Collected data entries:
»»
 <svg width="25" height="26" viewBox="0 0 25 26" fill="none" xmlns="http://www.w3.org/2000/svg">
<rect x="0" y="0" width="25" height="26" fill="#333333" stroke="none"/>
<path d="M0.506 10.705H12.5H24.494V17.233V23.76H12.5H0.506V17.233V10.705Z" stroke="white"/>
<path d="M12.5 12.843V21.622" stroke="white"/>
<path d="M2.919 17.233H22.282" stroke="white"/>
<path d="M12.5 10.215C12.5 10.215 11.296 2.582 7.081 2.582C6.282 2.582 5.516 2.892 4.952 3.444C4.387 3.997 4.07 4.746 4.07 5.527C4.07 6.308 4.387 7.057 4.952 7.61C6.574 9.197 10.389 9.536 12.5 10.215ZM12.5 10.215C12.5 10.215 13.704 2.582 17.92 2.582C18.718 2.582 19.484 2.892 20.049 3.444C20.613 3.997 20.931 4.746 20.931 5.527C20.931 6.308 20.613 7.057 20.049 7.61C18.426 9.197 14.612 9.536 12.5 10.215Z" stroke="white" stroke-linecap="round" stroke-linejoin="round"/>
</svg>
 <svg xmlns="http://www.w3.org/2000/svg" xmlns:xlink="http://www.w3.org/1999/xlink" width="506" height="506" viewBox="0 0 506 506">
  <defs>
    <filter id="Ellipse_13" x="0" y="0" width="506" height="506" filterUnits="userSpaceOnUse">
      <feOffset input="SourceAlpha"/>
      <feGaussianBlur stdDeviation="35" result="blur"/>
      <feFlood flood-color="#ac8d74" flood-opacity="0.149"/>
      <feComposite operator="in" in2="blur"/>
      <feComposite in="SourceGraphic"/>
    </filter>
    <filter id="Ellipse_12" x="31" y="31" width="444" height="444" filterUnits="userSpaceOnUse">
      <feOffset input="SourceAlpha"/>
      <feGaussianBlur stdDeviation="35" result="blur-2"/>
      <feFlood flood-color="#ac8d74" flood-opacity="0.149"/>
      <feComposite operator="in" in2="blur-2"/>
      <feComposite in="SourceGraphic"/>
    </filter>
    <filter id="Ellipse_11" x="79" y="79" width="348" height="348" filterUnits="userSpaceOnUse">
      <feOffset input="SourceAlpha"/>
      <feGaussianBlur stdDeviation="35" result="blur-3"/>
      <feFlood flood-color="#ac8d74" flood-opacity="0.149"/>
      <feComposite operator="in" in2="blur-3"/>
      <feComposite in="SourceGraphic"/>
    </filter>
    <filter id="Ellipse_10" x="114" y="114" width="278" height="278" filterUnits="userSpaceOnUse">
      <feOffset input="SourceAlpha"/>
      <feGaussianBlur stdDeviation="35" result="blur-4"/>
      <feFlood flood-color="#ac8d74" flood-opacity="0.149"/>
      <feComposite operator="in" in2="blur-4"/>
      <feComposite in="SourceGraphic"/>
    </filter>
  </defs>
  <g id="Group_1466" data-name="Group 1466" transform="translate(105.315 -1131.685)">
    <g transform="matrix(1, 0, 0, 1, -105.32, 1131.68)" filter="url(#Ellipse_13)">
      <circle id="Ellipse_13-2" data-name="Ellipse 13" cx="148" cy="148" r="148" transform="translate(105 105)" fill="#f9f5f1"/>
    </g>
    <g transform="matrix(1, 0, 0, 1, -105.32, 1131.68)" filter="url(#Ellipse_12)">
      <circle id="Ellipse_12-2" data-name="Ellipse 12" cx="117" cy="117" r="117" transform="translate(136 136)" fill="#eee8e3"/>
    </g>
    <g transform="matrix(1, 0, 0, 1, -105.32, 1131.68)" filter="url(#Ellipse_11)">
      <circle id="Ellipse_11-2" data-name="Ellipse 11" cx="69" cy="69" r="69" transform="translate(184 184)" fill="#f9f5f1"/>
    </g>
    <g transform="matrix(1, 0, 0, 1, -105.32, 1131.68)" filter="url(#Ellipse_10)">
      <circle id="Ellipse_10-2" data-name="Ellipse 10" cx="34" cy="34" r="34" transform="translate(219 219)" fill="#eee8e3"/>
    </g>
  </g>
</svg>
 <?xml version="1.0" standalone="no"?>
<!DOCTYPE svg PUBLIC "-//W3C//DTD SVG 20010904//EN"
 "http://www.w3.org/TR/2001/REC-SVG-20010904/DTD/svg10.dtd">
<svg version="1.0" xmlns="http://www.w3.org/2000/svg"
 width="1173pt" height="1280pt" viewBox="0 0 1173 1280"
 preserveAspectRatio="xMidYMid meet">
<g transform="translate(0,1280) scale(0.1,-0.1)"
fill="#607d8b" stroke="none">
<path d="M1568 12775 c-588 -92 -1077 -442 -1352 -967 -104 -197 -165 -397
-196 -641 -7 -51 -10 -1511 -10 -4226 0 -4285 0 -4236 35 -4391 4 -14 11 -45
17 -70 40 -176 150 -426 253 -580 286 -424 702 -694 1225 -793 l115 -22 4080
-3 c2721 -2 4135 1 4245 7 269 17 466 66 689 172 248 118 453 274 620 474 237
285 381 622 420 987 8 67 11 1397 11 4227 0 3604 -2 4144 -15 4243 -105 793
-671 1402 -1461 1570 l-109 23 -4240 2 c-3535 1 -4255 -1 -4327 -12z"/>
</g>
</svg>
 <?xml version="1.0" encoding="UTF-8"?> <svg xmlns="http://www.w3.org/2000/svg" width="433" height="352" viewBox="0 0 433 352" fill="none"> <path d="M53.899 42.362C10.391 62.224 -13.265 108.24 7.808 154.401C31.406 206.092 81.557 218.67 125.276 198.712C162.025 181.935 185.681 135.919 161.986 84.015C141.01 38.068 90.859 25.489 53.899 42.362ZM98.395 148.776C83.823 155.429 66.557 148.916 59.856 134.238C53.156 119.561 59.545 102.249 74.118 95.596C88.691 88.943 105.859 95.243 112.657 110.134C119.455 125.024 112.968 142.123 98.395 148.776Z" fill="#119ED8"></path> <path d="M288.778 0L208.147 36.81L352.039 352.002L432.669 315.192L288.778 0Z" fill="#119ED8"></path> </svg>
««
Copy the lines from the entries above in which the word "result" appears.

      <feGaussianBlur stdDeviation="35" result="blur"/>
      <feGaussianBlur stdDeviation="35" result="blur-2"/>
      <feGaussianBlur stdDeviation="35" result="blur-3"/>
      <feGaussianBlur stdDeviation="35" result="blur-4"/>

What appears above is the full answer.